Now there are some churches where flailing about and throwing one’s self to the floor would be interpreted as a sign that the Holy Spirit was at work. But in this little Lutheran church, the reaction of the worshippers to Bobby’s outbursts made it clear that they feared that Bobby was possessed by spirits of the evil variety. Oh, they would never have come out and said that Bobby was possessed by demons, they just acted as if he were. Bobby’s favorite part of the service was communion.  I think that he enjoyed the opportunity to walk up to the front of the church and kneel at the altar.  When the Pastor would place a communion wafer in his hands, Bobby would giggle with glee.  Bobby never ate the communion wafer; he would just hold it up to the light and smile. The communion wine was another thing altogether. Sometimes Bobby’s mother would try to help him drink from the common cup.  Sometimes Bobby would dunk his wafer into the intinction cup and slop wine everywhere.  At other times Bobby would be so preoccupied with his wafer that he just let the cup pass him by. On a good day Bobby’s behavior only made people uncomfortable. On a bad day, Bobby’s behavior embarrassed some, offended others, and sometimes outraged many.

I remember being summoned to an extra-ordinary council meeting. The meeting had been called to deal with the complaints and concerns of several long time members of the congregation that had decided that Bobby’s presence could now longer be tolerated at worship. The people who were complaining were not bad people.  They were fine upstanding members of the congregation who found themselves unable to deal with Bobby’s presence in their midst. During the meeting we agonized over what to do. 

In hindsight, I’m happy to tell you that we rejected a motion to ask Bobby’s parents to stop bringing him to church. But in all honesty, I have to admit that it was a tempting proposition. We knew that members had stopped coming to the early service which Bobby’s family attended.  We also knew that some visitors found Bobby’s behavior so disturbing that they never darkened our doors again. Perfectly reasoned arguments were made for excluding Bobby from our worship. The pastor struggled to remind us that we had a responsibility to Bobby and to his family. After three hours of painful discussion, it was decided to call another meeting the following week to determine Bobby’s fate.

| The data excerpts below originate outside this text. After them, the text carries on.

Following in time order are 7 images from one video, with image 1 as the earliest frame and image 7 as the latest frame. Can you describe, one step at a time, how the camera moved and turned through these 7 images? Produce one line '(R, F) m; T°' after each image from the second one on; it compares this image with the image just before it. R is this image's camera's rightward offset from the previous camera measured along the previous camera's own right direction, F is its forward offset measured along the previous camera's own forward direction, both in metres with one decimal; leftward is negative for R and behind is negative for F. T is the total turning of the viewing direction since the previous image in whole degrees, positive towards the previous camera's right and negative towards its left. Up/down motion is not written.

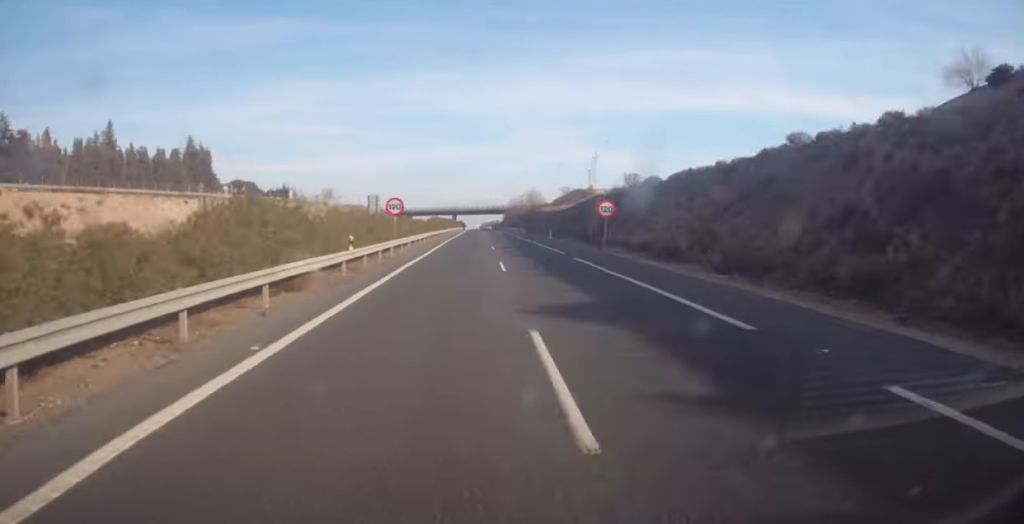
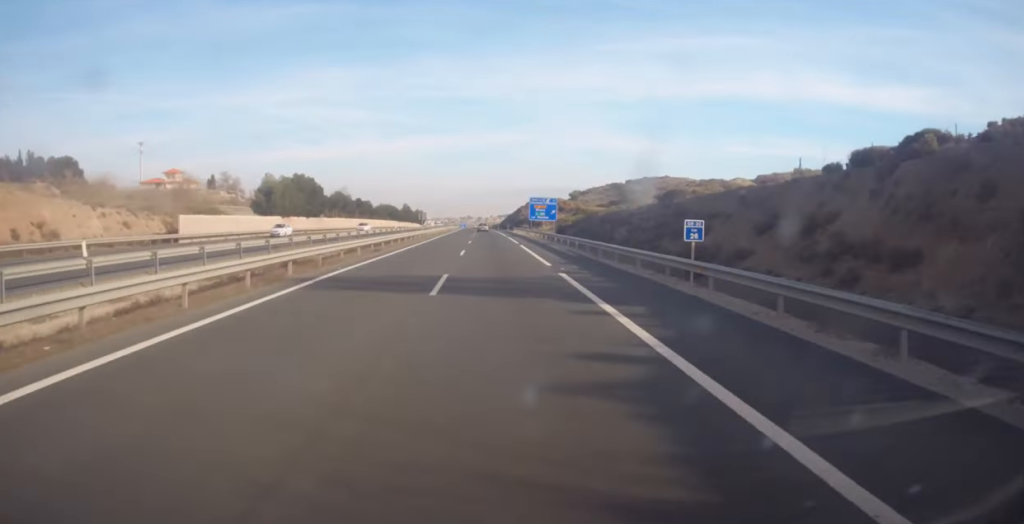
(-5.0, +352.1) m; -3°
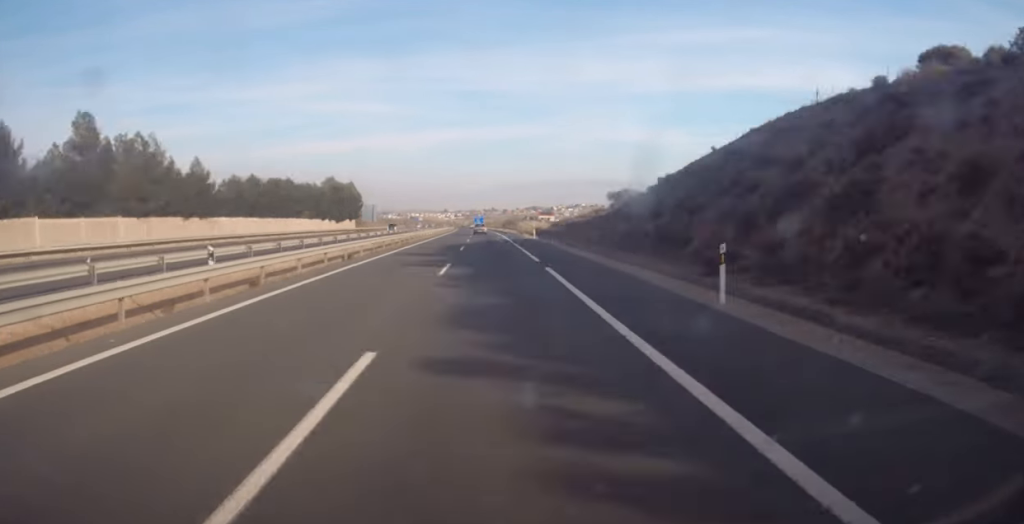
(-4.0, +221.5) m; -3°
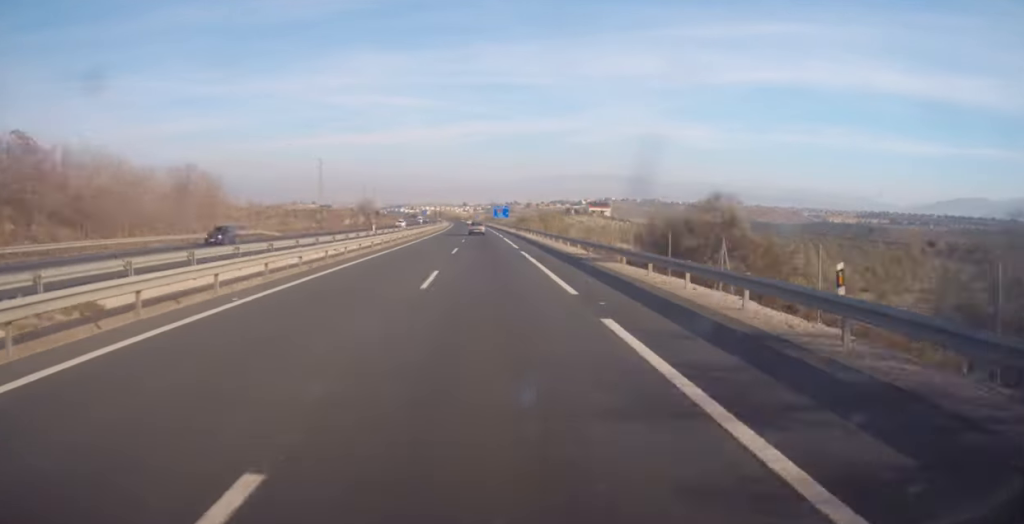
(-4.3, +154.8) m; -2°
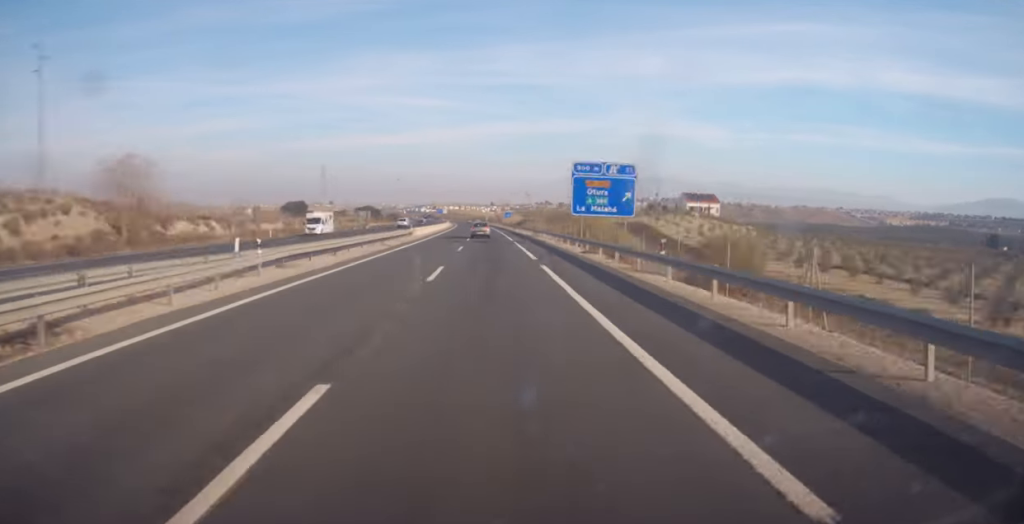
(-0.9, +137.7) m; -2°
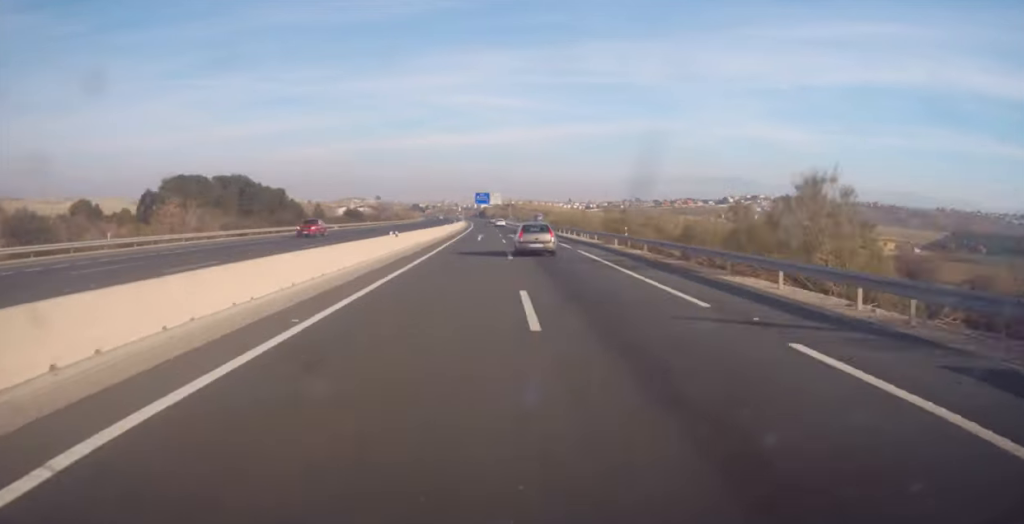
(-17.2, +328.9) m; -5°
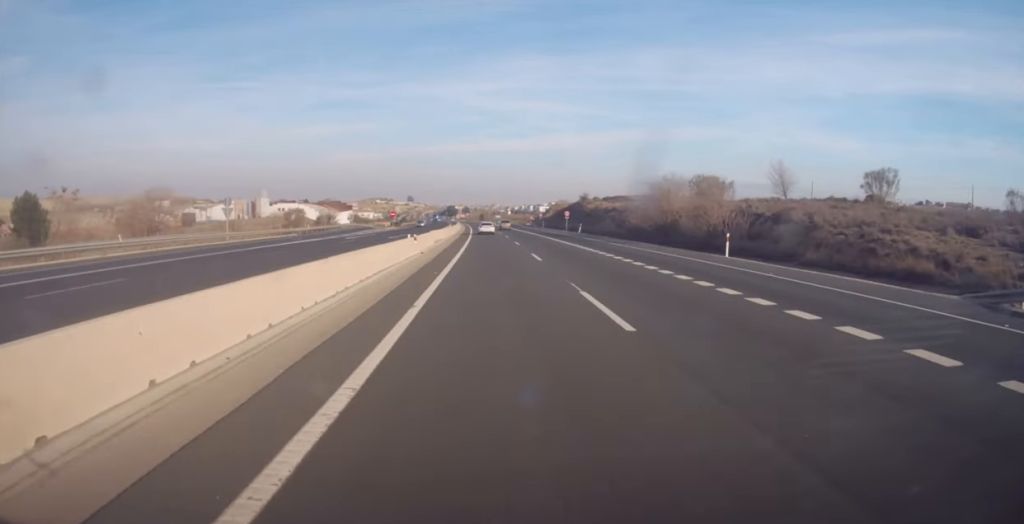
(-13.8, +323.1) m; -5°

During the week that followed the congregation was a buzz with people putting in their two cents worth. Whenever a member of Bobby’s family would walk into a room, the place would become deadly silent. When the council gathered for their second meeting twelve people had petitioned to speak on the issue. Annie was one of those who spoke.  Annie was just sixteen years old and she was Bobby’s baby-sitter. She’d been helping to look after Bobby for about six months and in order to learn more about autism, Annie had been attending workshops at the university. Annie was learning various techniques that were being used at the time to reach autistic children. Annie volunteered to work with Bobby on Sunday mornings.

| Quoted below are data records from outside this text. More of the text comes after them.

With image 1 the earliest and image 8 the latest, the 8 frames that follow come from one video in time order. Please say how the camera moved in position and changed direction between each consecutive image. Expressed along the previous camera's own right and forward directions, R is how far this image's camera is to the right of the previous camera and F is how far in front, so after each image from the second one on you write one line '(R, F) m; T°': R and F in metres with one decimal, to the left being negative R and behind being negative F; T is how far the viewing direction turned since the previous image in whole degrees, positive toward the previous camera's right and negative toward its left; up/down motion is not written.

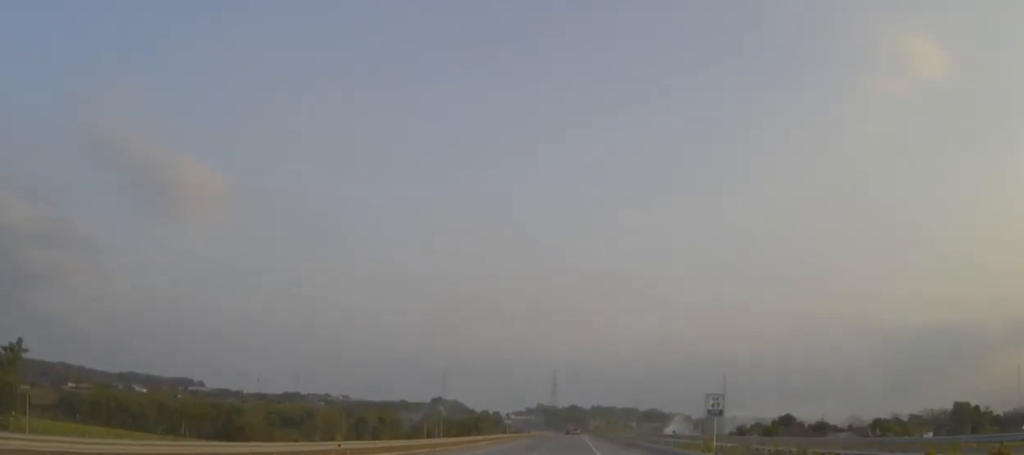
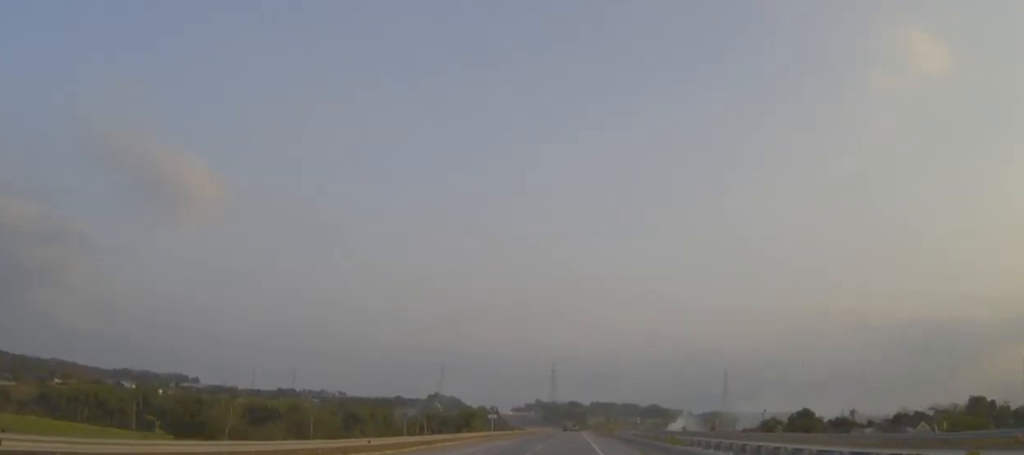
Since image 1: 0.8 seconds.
(+0.1, +19.7) m; 0°
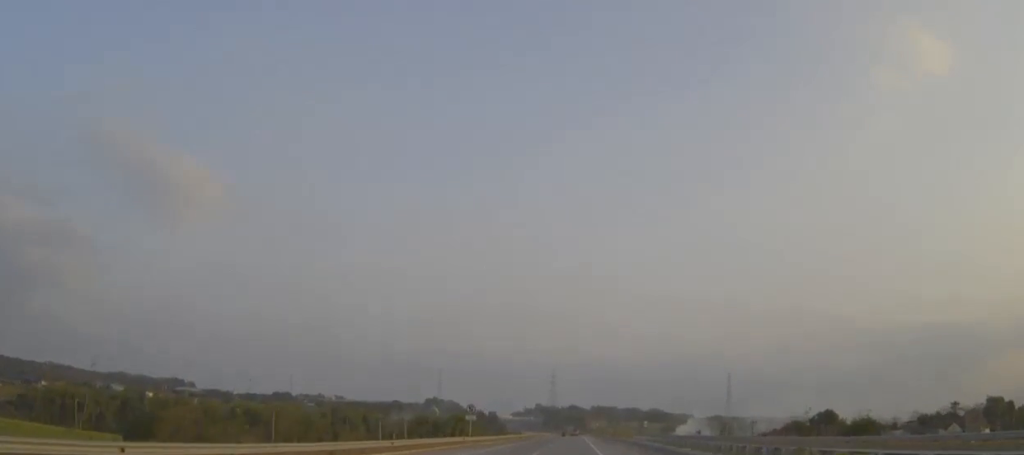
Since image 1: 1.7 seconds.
(0.0, +19.9) m; 0°
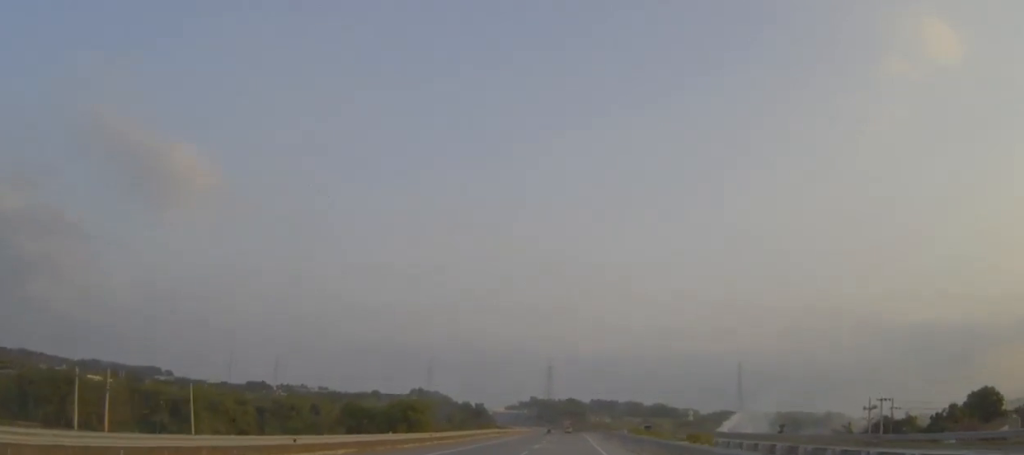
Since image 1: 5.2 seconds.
(0.0, +86.2) m; 0°
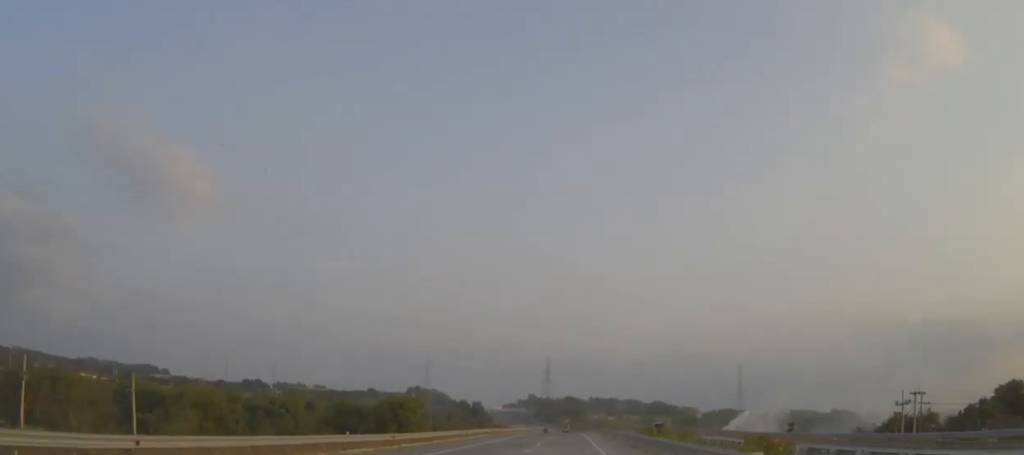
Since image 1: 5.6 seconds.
(0.0, +10.1) m; 0°
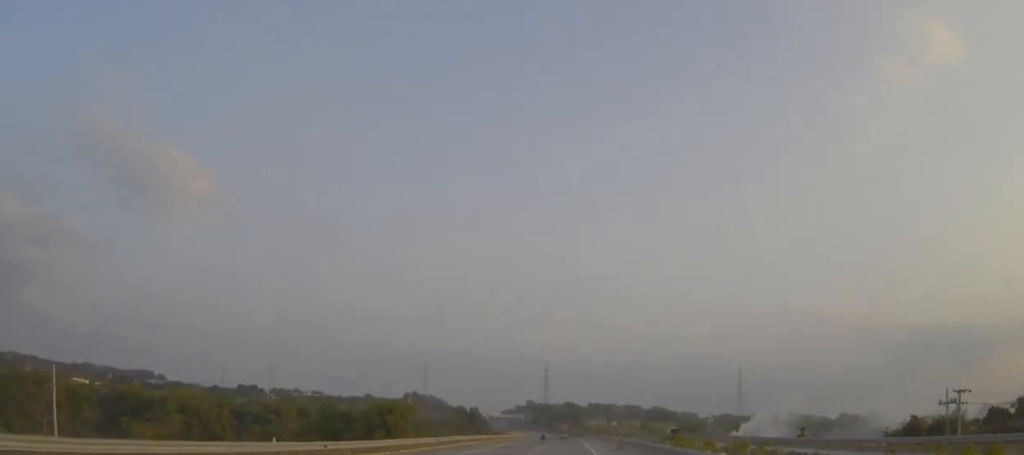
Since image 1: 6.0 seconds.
(0.0, +10.9) m; 0°
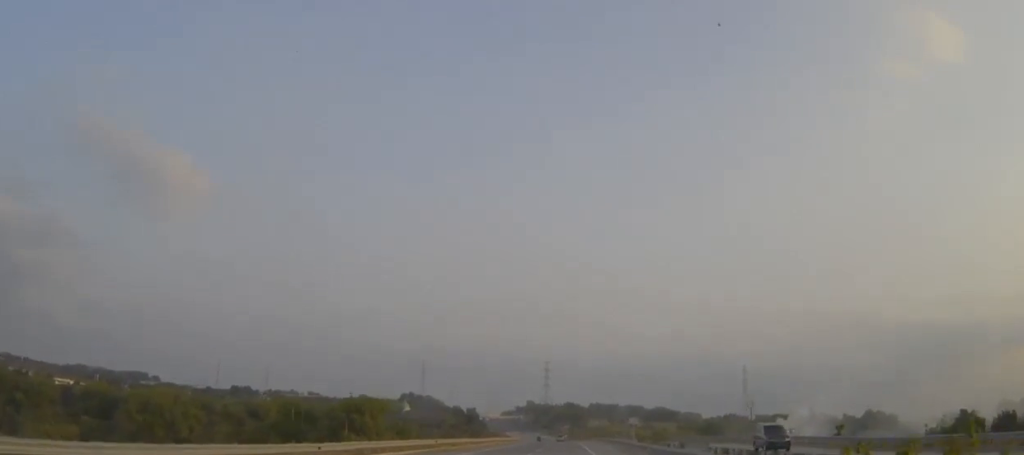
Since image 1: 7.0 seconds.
(0.0, +25.0) m; 0°
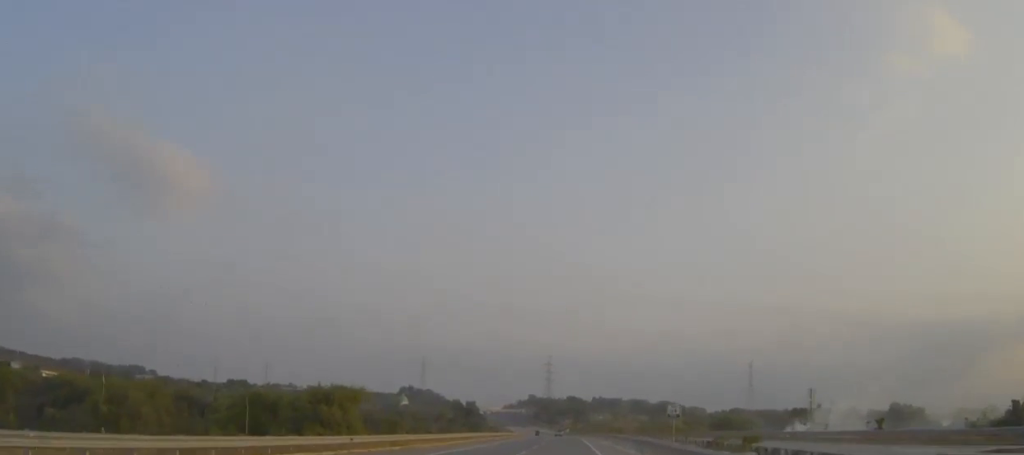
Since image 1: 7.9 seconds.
(0.0, +20.3) m; 0°

I don’t use the word miracle very often.  But I have to tell you that what Annie and Bobby accomplished in just a few short months was nothing short of miraculous. Bobby still sang in his own unruly style, but Annie’s approach never caused Bobby to flail about, or throw himself to the floor.  And in time even Bobby’s shouting was brought down to a minimum.  For several years Annie and Bobby were inseparable in worship. By the time Bobby was thirteen Annie was off to university. Bobby was no longer the unreachable child he once was.  Annie along with Bobby’s parents and teachers had taught Bobby how to reach out. Annie had also taught many of her sisters and brothers how to communicate with Bobby. In the community that gathered as Christ’s body, God’s grace had inspired compassion in us and healing took place and those of us who participated in that healing, we were ourselves healed.

I tell this story not to point to Bobby and draw parallels between Bobby and the metaphor of the demoniac in the gospel story, but rather to look at how Bobby’s demons resemble the demons that haunt us. Each of us is haunted by our own demons; demons that live in us, and most of us have such a variety of demons that you could call them Legion. And I’m not talking about the gremlins that annoy us from time to time. I’m talking about the really scary demons that get in the way and cause us to behave in ways that we’d rather not think about. Most of us manage to confine those demons to the farthest recesses of our consciousness. But that doesn’t stop them from impacting our lives.

Most of us wouldn’t call the stuff that haunts us, demons. We’re modern sophisticated individuals and we know a thing or two about the human psyche and so our metaphor for the stuff that haunts us has changed; these days we are more likely to call it baggage. Rather than referring to demons that haunt us we talk about baggage that we haul around, or baggage that we need to unpack, or baggage that we need to leave behind, so that we can move on. But there’s some stuff that we carry around with us that is so disturbing, or so paralyzing, or so frightening that the metaphor of baggage just doesn’t quite capture and if the truth be told this stuff functions more like the demons of old.

Bobby’s demons were upfront and pretty unsophisticated. Bobby’s autism never let Bobby pretend for a moment that they weren’t there. His coping skills were limited and so all too often his demons would parade about in public much to the chagrin of the people around him. Just like the demoniac that Jesus encountered, sometimes Bobby would need to be bound in order to calm the demons. Oh, sure nobody every bound Bobby with chains, or drove him out of town, they found more polite and acceptable ways to bind Bobby and to ensure that his family kept him away from good decent folks who were trying to go about their business.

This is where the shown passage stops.